SKEDSOFT

Data Mining & Data Warehousing

Introduction: Authoritative Web pages are to search for those Web pages related to a given topic, such as financial investing. In addition to retrieving pages that are relevant, you also hope that the pages retrieved will be of high quality, or authoritative on the topic.

“But how can a search engine automatically identify authoritative Web pages for my topic?” Interestingly, the secrecy of authority is hiding in Web page linkages. The Web consists not only of pages, but also of hyperlinks pointing from one page to another. These hyperlinks contain an enormous amount of latent human annotation that can help automatically infer the notion of authority. When an author of a Web page creates a hyperlink pointing to another Web page, this can be considered as the author’s endorsement of the other page. The collective endorsement of a given page by different authors on the Web may indicate the importance of the page and may naturally lead to the discovery of authoritative Web pages. Therefore, the tremendous amount of Web linkage information provides rich information about the relevance, the quality, and the structure of the Web’s contents, and thus is a rich source for Web mining.

This idea has motivated some interesting studies on mining authoritative pages on the Web. In the 1970s, researchers in information retrieval proposed methods of using citations among journal articles to evaluate the quality of research papers. However, unlike journal citations, the Web linkage structure has some unique features. First, not every hyperlink represents the endorsement we seek. Some links are created for other purposes, such as for navigation or for paid advertisements. Yet overall, if the majority of hyperlinks are for endorsement, then the collective opinion will still dominate. Second, for commercial or competitive interests, one authority will seldom have its Web page point to its rival authorities in the same field. For example, Coca-Cola may prefer not to endorse its competitor Pepsi by not linking to Pepsi’s Web pages. Third, authoritative pages are seldom particularly descriptive. For example, the main Web page of Yahoo! may not contain the explicit self-description “Web search engine.”
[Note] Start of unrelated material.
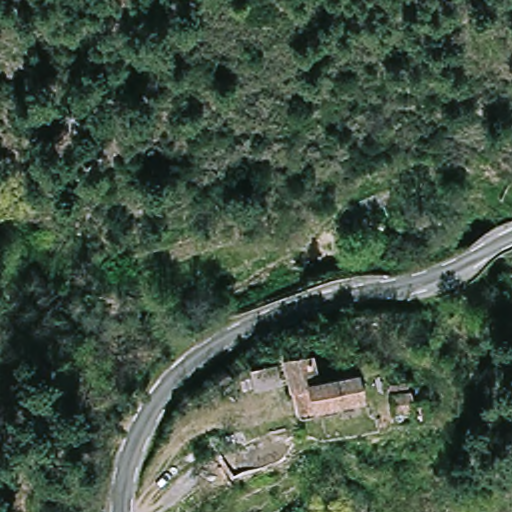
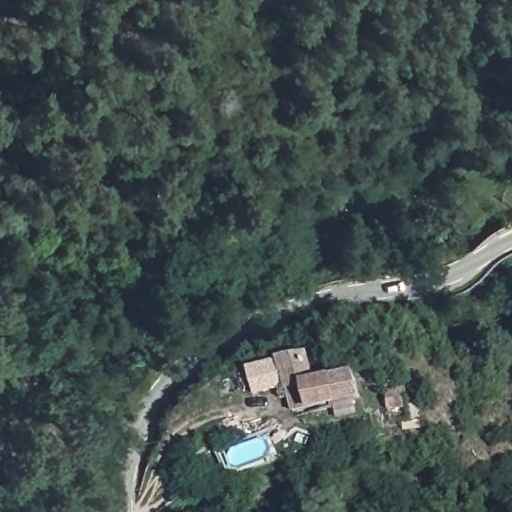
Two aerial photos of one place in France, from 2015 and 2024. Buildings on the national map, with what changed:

These properties of Web link structures have led researchers to consider another important category of Web pages called a hub. A hub is one or a set of Web pages that provides collections of links to authorities. Hub pages may not be prominent, or there may exist few links pointing to them; however, they provide links to a collection of prominent sites on a common topic. Such pages could be lists of recommended links on individual home pages, such as recommended reference sites from a course home page, or professionally assembled resource lists on commercial sites. Hub pages play the role of implicitly conferring authorities on a focused topic. In general, a good hub is a page that points to many good authorities; a good authority is a page pointed to by many good hubs. Such a mutual reinforcement relationship between hubs and authorities helps the mining of authoritative Web pages and automated discovery of high-quality Web structures and resources.

“So, how can we use hub pages to find authoritative pages?” An algorithm using hubs, called HITS (Hyperlink-Induced Topic Search), was developed as follows. First, HITS uses the query terms to collect a starting set of, say, 200 pages from an index-based search engine. These pages form the root set. Since many of these pages are presumably relevant to the search topic, some of them should contain links to most of the prominent authorities. Therefore, the root set can be expanded into a base set by including all of the pages that the root-set pages link to and all of the pages that link to a page in the root set, up to a designated size cutoff such as 1,000 to 5,000 pages (to be included in the base set).

Second, a weight-propagation phase is initiated. This iterative process determines numerical estimates of hub and authority weights. Notice that links between two pages with the same Web domain (i.e., sharing the same first level in their URLs) often serve as a navigation function and thus do not confer authority. Such links are excluded from the weight-propagation analysis.